Our bishop and the priest prayed. The zie di San Gennaro let out sonorous wails, beseeching the saint. Carefully, the priest, without touching the glass, turned the reliquary end-over-end, one time, then two.

An eternity seemed to pass. Beside me, Isabella had lowered her head and shut her eyes, her lips moving in a silent prayer. On my other flank, little Alfonso had lowered his head solemnly, but was peering out from beneath his curls in fascination at the priest.

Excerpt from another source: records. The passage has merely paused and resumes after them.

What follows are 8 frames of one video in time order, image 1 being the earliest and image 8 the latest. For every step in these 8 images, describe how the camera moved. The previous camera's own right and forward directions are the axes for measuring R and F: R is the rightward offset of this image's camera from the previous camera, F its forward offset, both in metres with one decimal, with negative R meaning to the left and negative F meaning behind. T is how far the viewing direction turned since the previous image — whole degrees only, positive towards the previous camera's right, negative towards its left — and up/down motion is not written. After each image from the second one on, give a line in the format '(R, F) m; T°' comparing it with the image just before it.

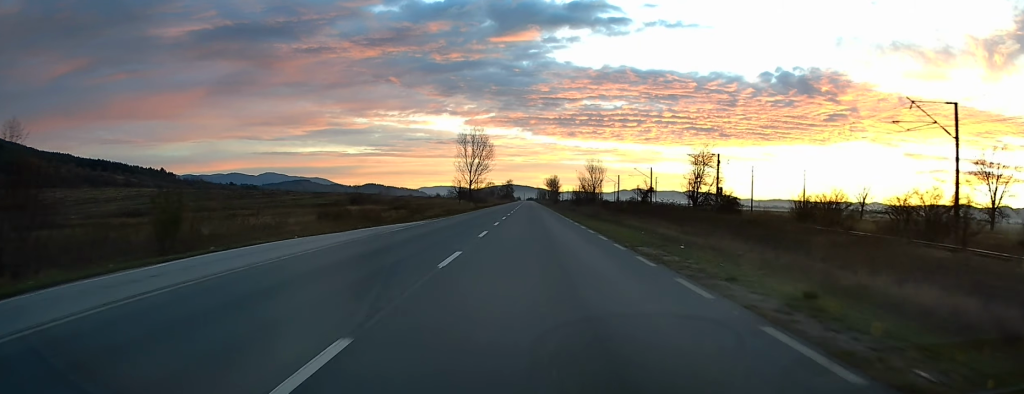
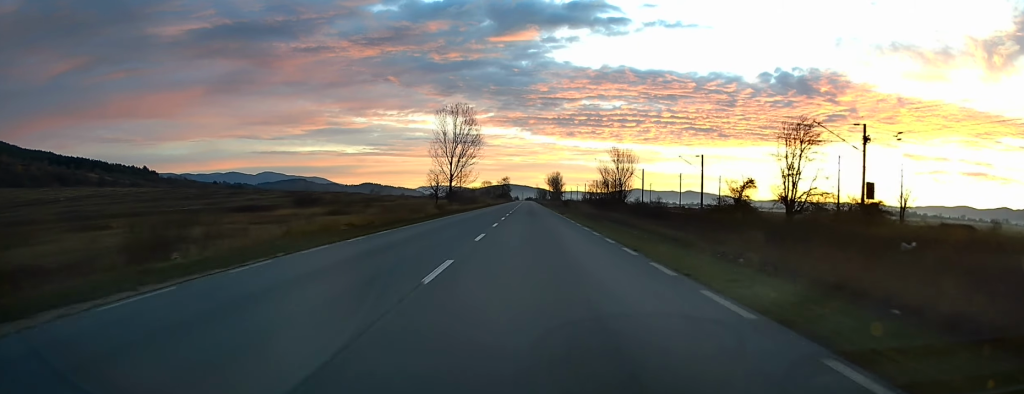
(+0.4, +38.0) m; +1°
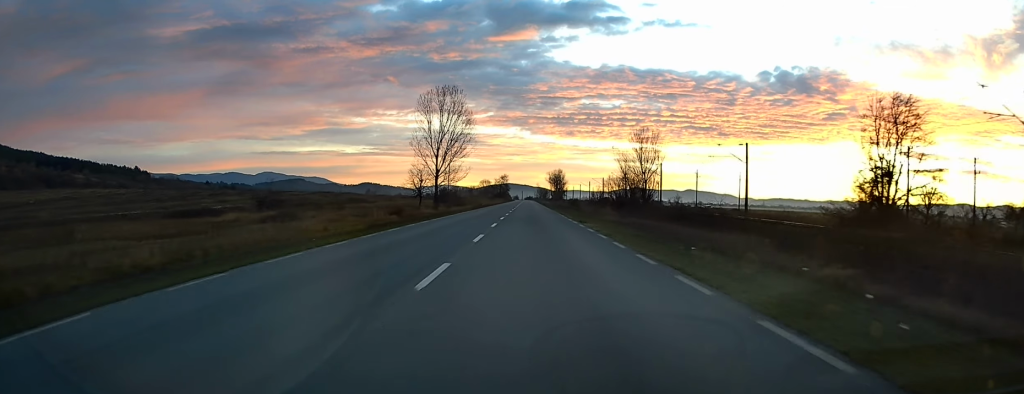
(0.0, +18.6) m; -1°
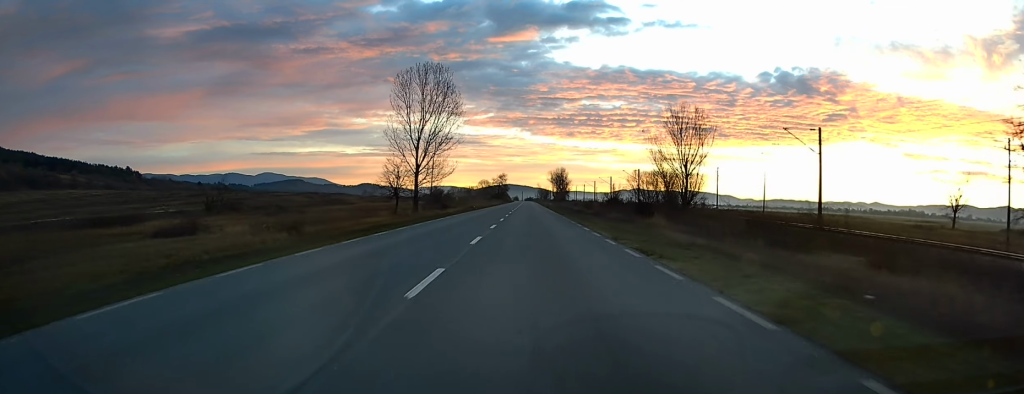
(-0.2, +18.6) m; 0°
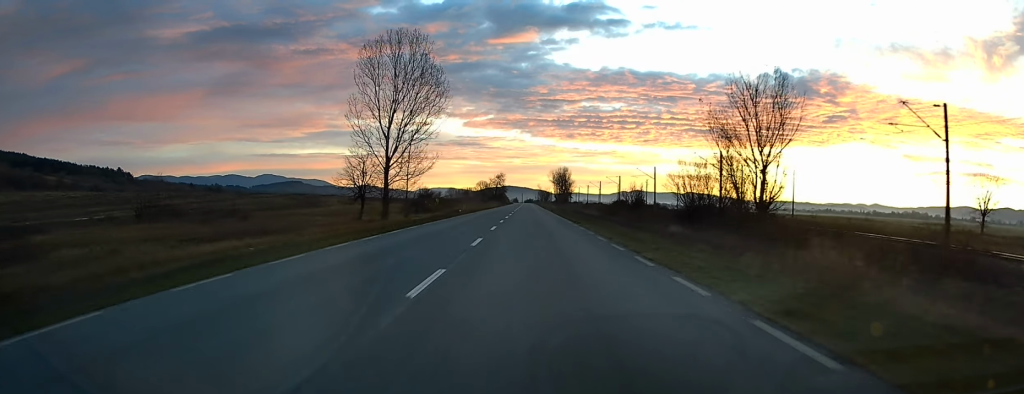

I believed fervently in the power of God and the saints to intervene in the affairs of men. Deeming it safest to follow Isabella’s example, I bowed my head, squeezed my eyes closed, and whispered a prayer to Naples’ patron saint: Bless our beloved city, and keep it safe. Protect the King and my father and mother and Alfonso. Amen.

A murmur of awe passed through the crowd. I caught a glimpse of the altar, of the priest proudly displaying the silver reliquary, holding it up for the crowd’s scrutiny. ‘Il miracolo e fatto,’ he proclaimed.

The miracle is accomplished.

The choir led the congregation in singing the Te Deum, praising God for bestowing this blessing.

From my vantage point I could not see what had occurred, but Isabella whispered in my ear: the dark, dried substance in the vial had begun to melt, then bubble, as the ancient blood once again became liquid. San Gennaro signified that he had heard our prayers, and was pleased; he would protect the city which he had served as bishop during his mortal years.

It was a good omen, she murmured, especially for the King on his anniversary. San Gennaro would protect him from all enemies.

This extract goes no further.